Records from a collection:
....
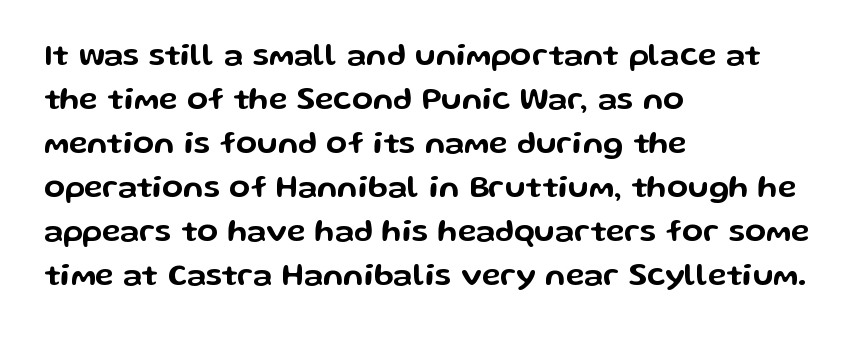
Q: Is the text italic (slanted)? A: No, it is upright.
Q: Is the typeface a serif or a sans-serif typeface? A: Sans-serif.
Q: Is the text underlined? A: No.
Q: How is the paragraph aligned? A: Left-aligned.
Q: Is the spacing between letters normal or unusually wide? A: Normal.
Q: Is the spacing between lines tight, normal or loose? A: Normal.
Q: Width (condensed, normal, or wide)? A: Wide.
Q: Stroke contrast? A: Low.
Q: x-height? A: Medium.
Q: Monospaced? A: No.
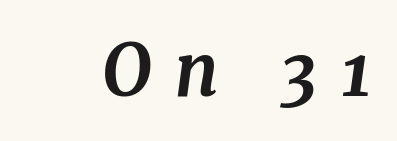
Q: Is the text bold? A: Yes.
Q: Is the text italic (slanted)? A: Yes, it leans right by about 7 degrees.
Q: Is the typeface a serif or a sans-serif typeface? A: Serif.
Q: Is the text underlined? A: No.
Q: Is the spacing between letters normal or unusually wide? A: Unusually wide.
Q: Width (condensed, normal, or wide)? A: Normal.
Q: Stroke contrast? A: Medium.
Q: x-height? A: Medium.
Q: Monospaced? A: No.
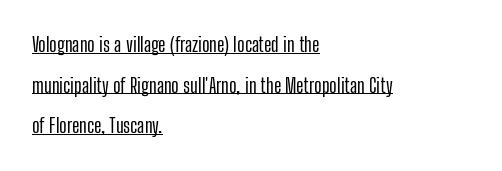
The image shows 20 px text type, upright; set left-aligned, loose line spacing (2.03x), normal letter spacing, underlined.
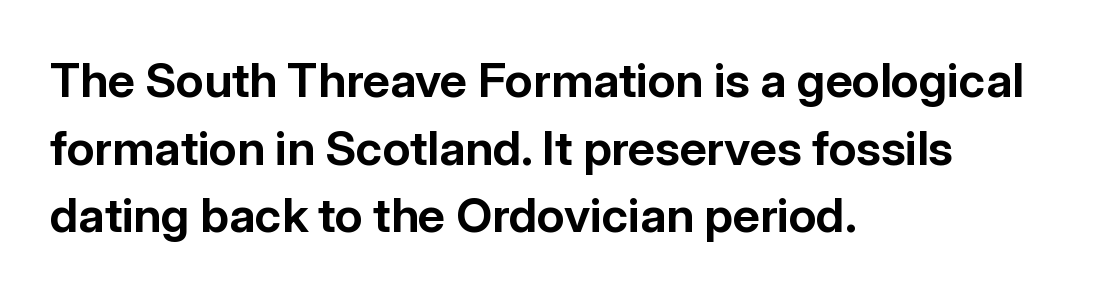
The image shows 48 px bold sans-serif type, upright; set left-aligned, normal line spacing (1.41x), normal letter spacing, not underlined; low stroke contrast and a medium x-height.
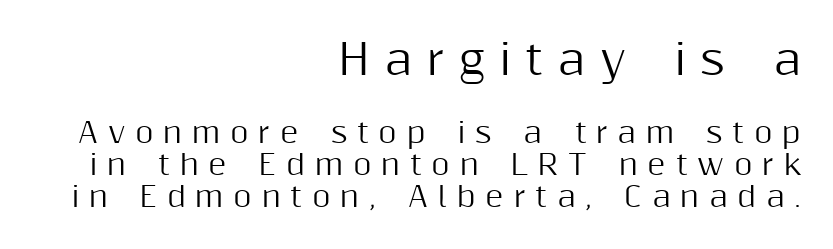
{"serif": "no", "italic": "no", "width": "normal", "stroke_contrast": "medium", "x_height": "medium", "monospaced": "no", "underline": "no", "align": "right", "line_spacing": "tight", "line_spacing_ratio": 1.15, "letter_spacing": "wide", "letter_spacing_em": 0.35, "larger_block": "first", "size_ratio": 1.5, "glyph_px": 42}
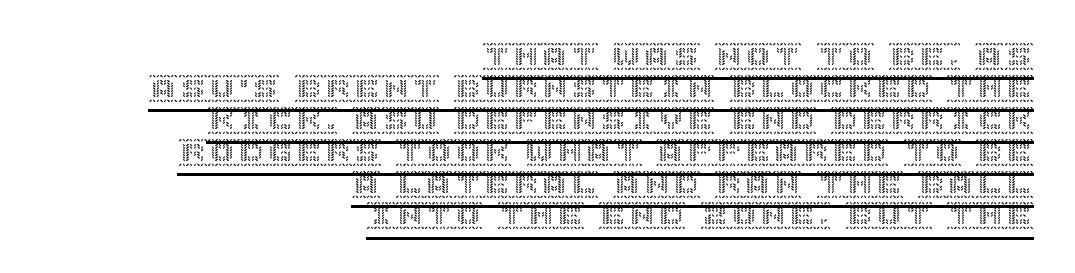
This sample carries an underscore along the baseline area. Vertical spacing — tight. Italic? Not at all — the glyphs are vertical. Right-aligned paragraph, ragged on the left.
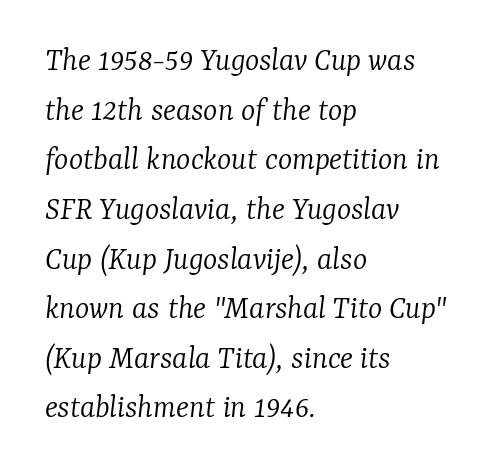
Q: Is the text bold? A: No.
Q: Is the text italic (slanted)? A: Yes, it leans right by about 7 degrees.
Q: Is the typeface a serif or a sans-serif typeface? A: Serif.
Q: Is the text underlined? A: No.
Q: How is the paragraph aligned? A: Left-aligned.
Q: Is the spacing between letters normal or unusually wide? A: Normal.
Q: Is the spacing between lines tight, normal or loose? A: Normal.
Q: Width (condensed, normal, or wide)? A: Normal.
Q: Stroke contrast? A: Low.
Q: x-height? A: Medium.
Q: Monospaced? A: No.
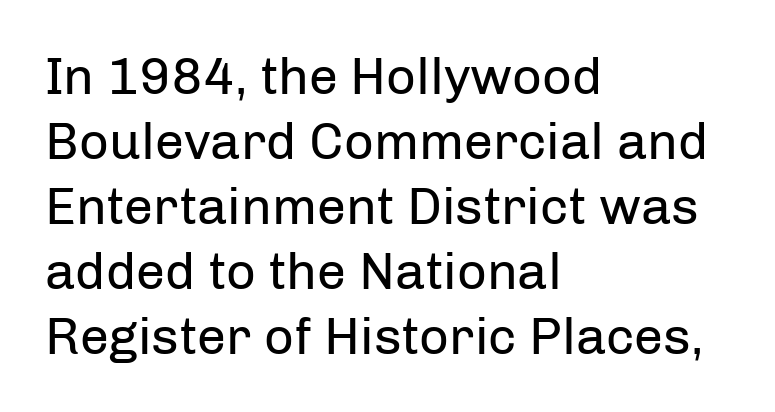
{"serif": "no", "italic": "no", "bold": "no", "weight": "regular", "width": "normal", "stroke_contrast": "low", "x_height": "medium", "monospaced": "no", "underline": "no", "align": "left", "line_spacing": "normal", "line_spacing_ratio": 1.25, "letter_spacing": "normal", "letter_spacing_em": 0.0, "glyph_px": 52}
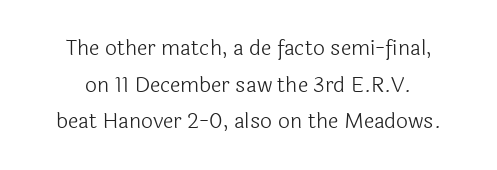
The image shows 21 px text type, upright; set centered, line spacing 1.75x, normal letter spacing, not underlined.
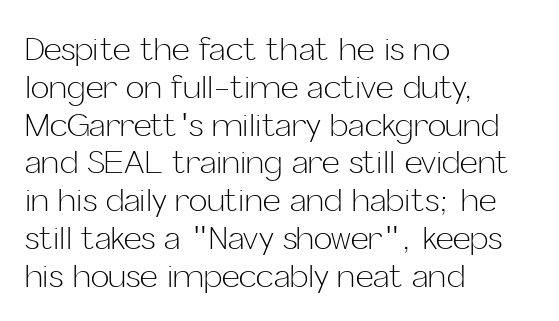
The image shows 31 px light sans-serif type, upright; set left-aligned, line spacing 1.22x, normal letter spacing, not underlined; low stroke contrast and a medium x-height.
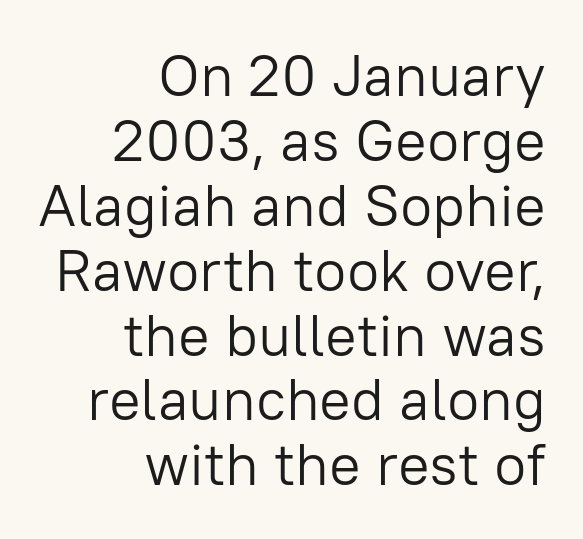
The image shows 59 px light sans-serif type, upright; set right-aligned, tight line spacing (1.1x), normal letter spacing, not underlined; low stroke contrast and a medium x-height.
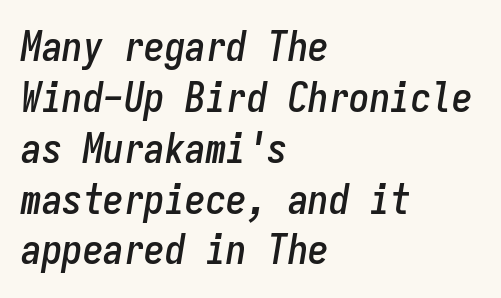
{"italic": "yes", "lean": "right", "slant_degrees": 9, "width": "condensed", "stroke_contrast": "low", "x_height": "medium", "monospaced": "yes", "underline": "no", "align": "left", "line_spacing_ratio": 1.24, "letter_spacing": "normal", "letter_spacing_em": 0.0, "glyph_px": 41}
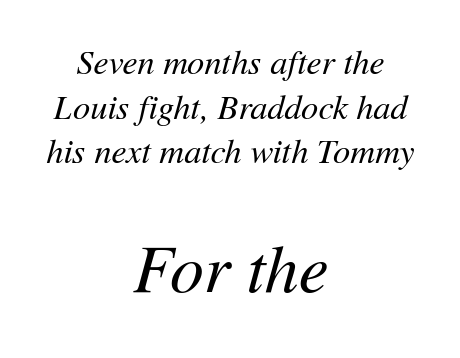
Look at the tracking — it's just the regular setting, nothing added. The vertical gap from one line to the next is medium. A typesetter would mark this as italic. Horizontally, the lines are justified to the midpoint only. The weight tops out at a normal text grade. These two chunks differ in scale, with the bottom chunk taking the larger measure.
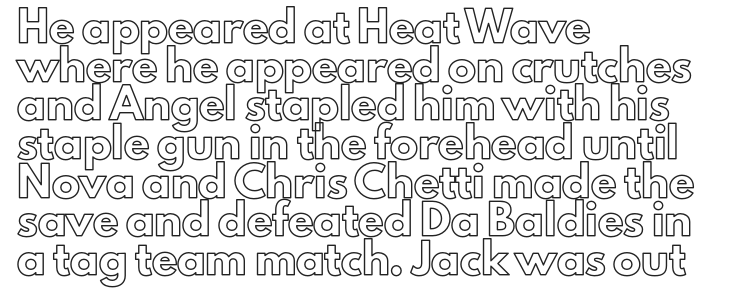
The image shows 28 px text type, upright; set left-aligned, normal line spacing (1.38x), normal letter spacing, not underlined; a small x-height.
....
Task statement:
Each line of the data that contains "sans" belongs in the answer.

Answer area:
Q: Is the typeface a serif or a sans-serif typeface? A: Sans-serif.
Q: Is the typeface a serif or a sans-serif typeface? A: Serif.
The image shows 48 px bold sans-serif type, upright; set left-aligned, normal line spacing (1.41x), normal letter spacing, not underlined; low stroke contrast and a medium x-height.
Q: Is the typeface a serif or a sans-serif typeface? A: Serif.
The image shows 31 px light sans-serif type, upright; set left-aligned, line spacing 1.22x, normal letter spacing, not underlined; low stroke contrast and a medium x-height.
The image shows 59 px light sans-serif type, upright; set right-aligned, tight line spacing (1.1x), normal letter spacing, not underlined; low stroke contrast and a medium x-height.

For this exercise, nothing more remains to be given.